“Os Exercícios Espirituais alcançam o homem de hoje em seu desejo de entender-se a si mesmo, e oferecem ao homem de hoje uma chave importante para entender-se” (Cardeal Martini)
Até a época de Santo Inácio de Loyola, todo aquele que se sentisse chamado à santidade deveria naturalmente afastar-se do mundo e de seus perigos e buscar refúgio no deserto, nas montanhas ou nos conventos. Os monges e as monjas deviam esforçar-se por chegar à santidade dando uma importância grande durante todo o dia à atenção a Deus. Todo o dia estava orientado a manter a mente em Deus (ofício divino, liturgia em coro, etc.). O único trabalho permitido era um “trabalho” que não os distraísse de Deus. Seu principal dever era manter sua atenção em Deus.
Aqui entra Inácio: conforme crescia no Espírito, começou a ver as coisas de outra maneira. Ele começou a “ver Deus em todas as coisas”. Tudo lhe falava de Deus, e começou a pensar “porque” e “como” chegar à santidade. “Para que vivemos neste mundo?” Para conhecer, amar e servir a Deus. E assim ele fala em ordenar nossas vidas para servir a Deus.
Inácio insiste em servir a Deus naquilo que fazemos. Para ele isto é o mais importante; com isso ele vê que o estilo de vida apostólica, por sua natureza mesma, exige que ponhamos nossa atenção em outras coisas que não são Deus (trabalho, escola, família, relações sociais). Por isso devemos prestar atenção ao que estamos fazendo: “Para quê? Para quem? Com quê intenção? Qual a motivação? A inspiração?”

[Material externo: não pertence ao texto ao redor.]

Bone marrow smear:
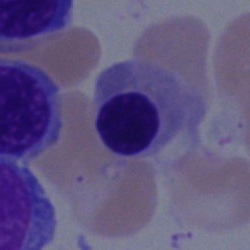Normoblast.
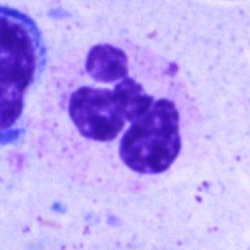

Single cell identified as a neutrophil (segmented).
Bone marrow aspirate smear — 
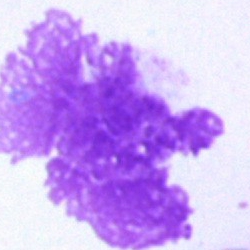

Specimen: bone marrow smear.
Cell: artifact.
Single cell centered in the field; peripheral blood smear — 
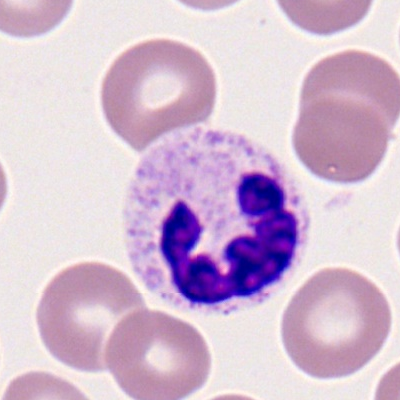

Cell — polymorphonuclear neutrophil.
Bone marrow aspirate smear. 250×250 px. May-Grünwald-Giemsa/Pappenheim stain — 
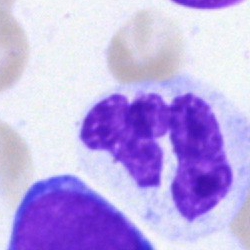The cell type is polymorphonuclear neutrophil.

“Onde está teu coração? Qual é a tua intenção no que fazes?”
É característico da espiritualidade inaciana encontrar a Deus na vida cotidiana, ou seja, no dia-a-dia: na vida familiar, no exercício da profissão, nas relações sociais, nas decisões éticas, na ação cidadã, no amplo tema dos direitos humanos, no campo da economia, na presença ativa em política, no mundo da cultura, no diálogo com os meios de comunicação, na navegação por internet.
Claramente a espiritualidade inaciana, em sua capacidade contemplativa na ação, está concebida para encontrar a Deus “no mundo”, na ação de Deus no dia-a-dia da vida cotidiana.
É óbvio que a espiritualidade inaciana faz referência à necessidade das “experiências fundantes”, ou seja, esses tempos densos de síntese pessoal, tempos de forte iluminação interior (“não sentíamos arder nosso coração?”), tempos que desencadeiam uma tensão dinâmica de inspiração espiritual, tempos que marcam toda uma vida.
A partir do “sentimento agudo do absoluto de Deus” podemos reconhecer que o específico da espiritualidade inaciana é encontrá-Lo nas mediações: o trabalho, o ofício ou a vida acadêmica, a relação familiar, a vinculação com outros na vida cívica ou política. É necessário fazer a passagem de uma espiritualidade de momentos densos pontuais (eventos) a uma espiritualidade de seguimento em todos os momentos e circunstâncias da vida, uma espiritualidade das chamadas “realidades cotidianas”. Santo Inácio assinala agudamente o sentido de nossa oração e de toda nossa espiritual: “para que cresça e suba de bem a melhor” (EE 331).
O ritmo da sociedade pós-moderna e, sobretudo, o culto à novidade, ao efêmero, ao superficial, pedem de nós recuperar a dimensão de profundidade em nossa vida diária. Padre Arrupe assim expressa: “uma experiência não refletida é uma experiência não vivida”.
A expressão “viver a vida” não é exaltar uma vitalidade superficial, muitas vezes frívola, senão viver a vida em profundidade. Para isso, é importante “ler” a jornada vivida, retomando e dando atenção às ressonâncias interiores de tudo aquilo que acontece no dia-a-dia, para considerá-las a partir do mais profundo de nós mesmos, pois o santuário da presença de Deus está nesse “espaço” de intimidade entre o Criador e a criatura.
Ler a jornada com os olhos de Deus para perceber por onde passa meu Senhor: trata-se de um tempo privilegiado para fazer mais profunda nossa vida cotidiana.